The Ablatherm machine consists of a treatment module that includes the patient’s bed, probe positioning system, ultrasound power generator, cooling system for preservation of the rectal wall, and ultrasound scanner used during the treatment localization phase. There is also a treatment and imaging endorectal probe that incorporates both a biplanar imaging probe working at 7.5 MHz (Figure 3) and a treatment transducer focused at a maximum of 45 mm working at 3 MHz [26,36].

Figure 3.

Figure 3

Different transrectal HIFU transducers for Sonablate 500 and Ablatherm [26].

Numerous safety features have been incorporated, including a safety ring that stabilizes the rectal wall during transducer movements, a permanent control of the distance between the therapy transducer and the rectal wall, and a patient motion detector that stops treatment if the patient moves during the firing sequence [37]. HIFU is delivered as a single session therapy under spinal anesthesia for the duration of 2 to 3 hours. The treatment is conducted with the patient in the lateral position [37].

Unlike the Ablatherm machine, the Sonablate system has no dedicated bed. Several treatment probes are available, and are selected by the operator according to the size of the elementary lesion required, 10 mm in length and 2 mm in diameter for a single beam performing with 25-mm or 45-mm focal length probes, and 10 mm in length and 3 mm in diameter for a split beam performing with 30-mm, 35–mm, or 40-mm focal length probes [38].

Treatment parameters may also vary depending on the operator choice. Treatment is performed with patients in a dorsal position under general anesthesia. The probe (Figure 3) is chosen depending on prostate size, with larger glands requiring longer focal lengths. The treatment is usually conducted in three consecutive coronal layers, starting from the anterior part of the prostate and progressively moving to the posterior part, with at least one probe switch during the procedure [26,38].

Measurement of HIFU effects on PC tissues

Most patients treated with HIFU presented with localized cancer [36]. Usually HIFU is used as a standalone procedure with a 5-year disease-free survival rate (biochemical) by 77% for Ablatherm and 45–84% for Sonablate [39]. Best results after HIFU in terms of negative biopsies and low (prostatic specific antigen) PSA levels were achieved in patients with low-grade PC [39]. Based on The French Association of Urology (AFU) review, HIFU is the best short-term cancer control modality in terms of the rate of negative biopsies and decrease in PSA serum levels [40].
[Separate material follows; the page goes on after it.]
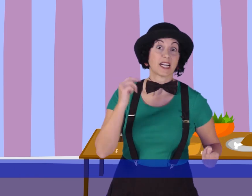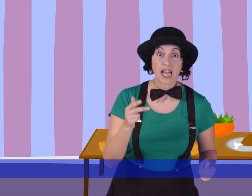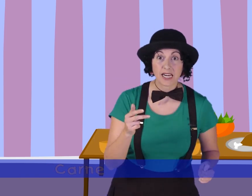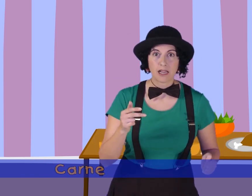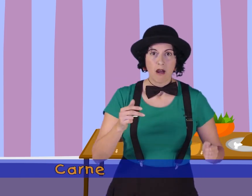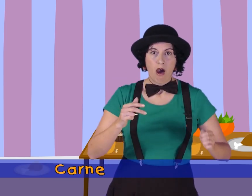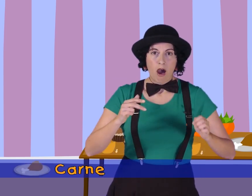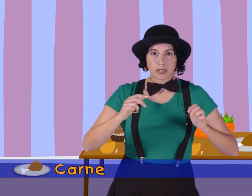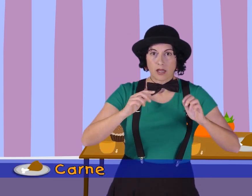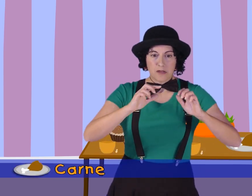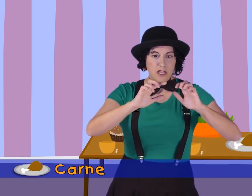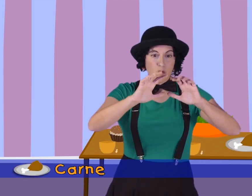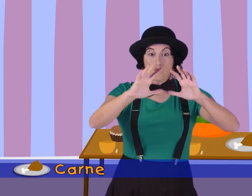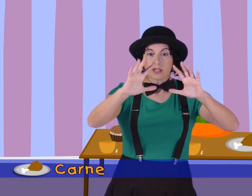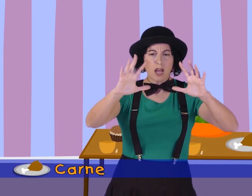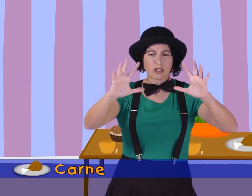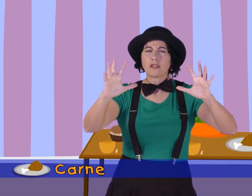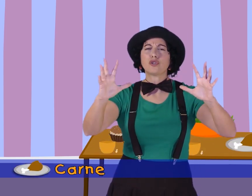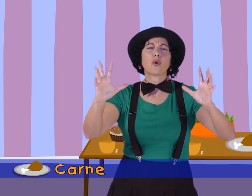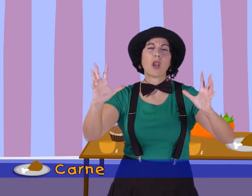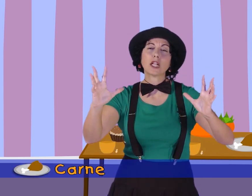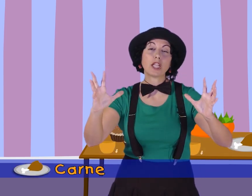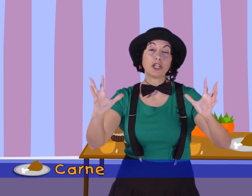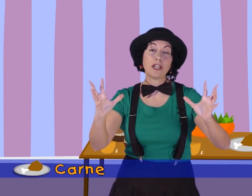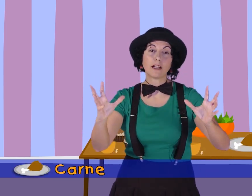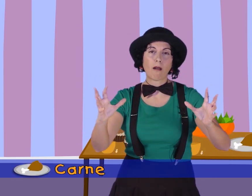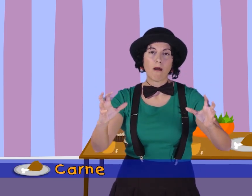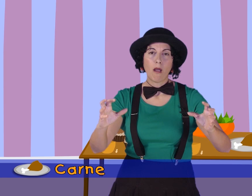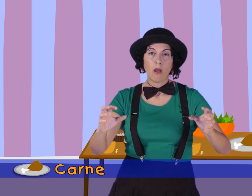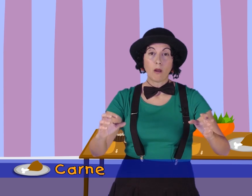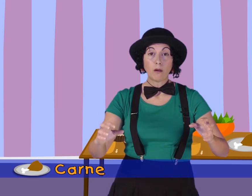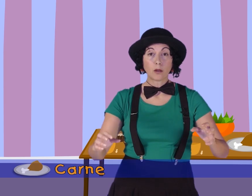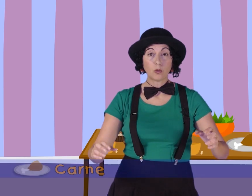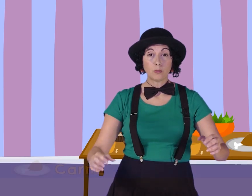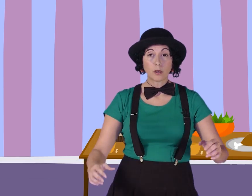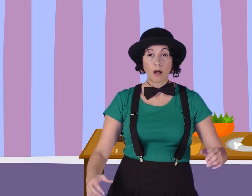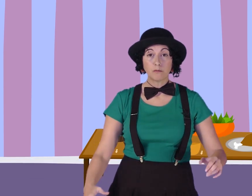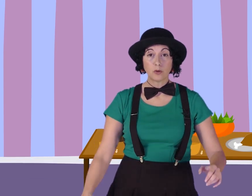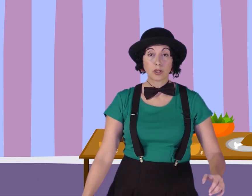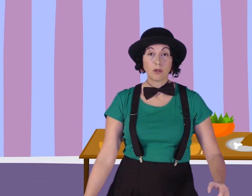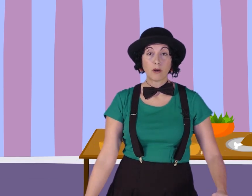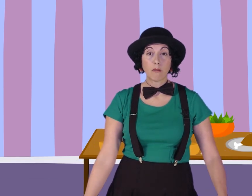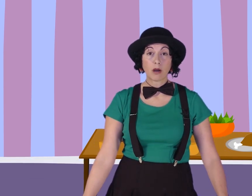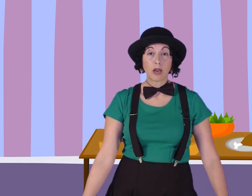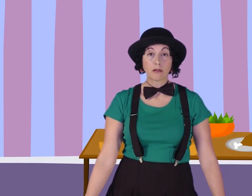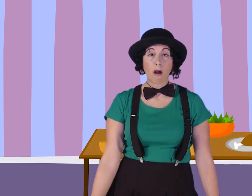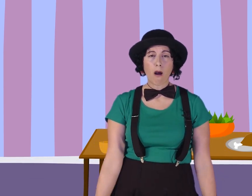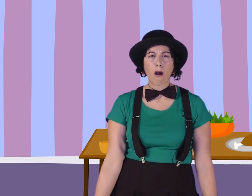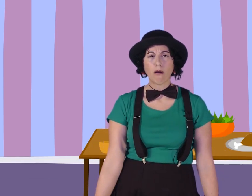carne. Hasta había una tarta de chocolate y nata. El ratón de campo se quedó con la boca abierta. ¡Ay!

However, cautious optimism is recommended, as long-term results have not been provided yet. HIFU was delivered to regions of the prostate where biopsies had revealed cancer, and histological examination found a sharp demarcation between HIFU-treated and untreated areas, with complete necrosis in all specimens [41]. The treated areas appear as a non-enhancing hypointense zone surrounded by a peripheral rim of enhancement, 3 mm to 8 mm thick. These abnormalities correspond to a nucleus of coagulation necrosis surrounded by a peripheral zone of inflammation. Treatment-induced abnormalities visible with MRI usually disappear in 3 to 5 months in a centripetal manner, and HIFU-induced tissue contraction follows after about 6 months in small prostates of approximately 5cc [42].

Indications for HIFU therapy of PC

The most widespread use of HIFU, and initially the only indication for its use, has been in patients with localized PC who are not candidates for surgery because of age, general health status, a prohibiting comorbidity or a preference not to undergo radical prostatectomy [13]. However, with the accumulation of clinical experience and expansion of research protocols, these indications have broadened [10,43].

However, the indications have been expanded based on clinical experience to include partial and focal therapy in unilateral low volume, low-Gleason tumors, incidental prostate cancer after trans-urethral resection (TUR), salvage therapy in recurrent prostate cancer after radical prostatectomy, radiotherapy, or hormone ablation, for locally advanced prostate cancer as adjuvant local tumor-debulking therapy, non-metastatic as well as metastatic stages, and hormone-resistant prostate cancer (HRPCa). It is well accepted that the gland can also be downsized by 30% within 3 months of androgen deprivation therapy (ADT), besides TURP. Still remaining contraindications for the HIFU device are a missing or a small rectum and a damaged rectal wall, caused by previous prostatic/rectal therapies [44].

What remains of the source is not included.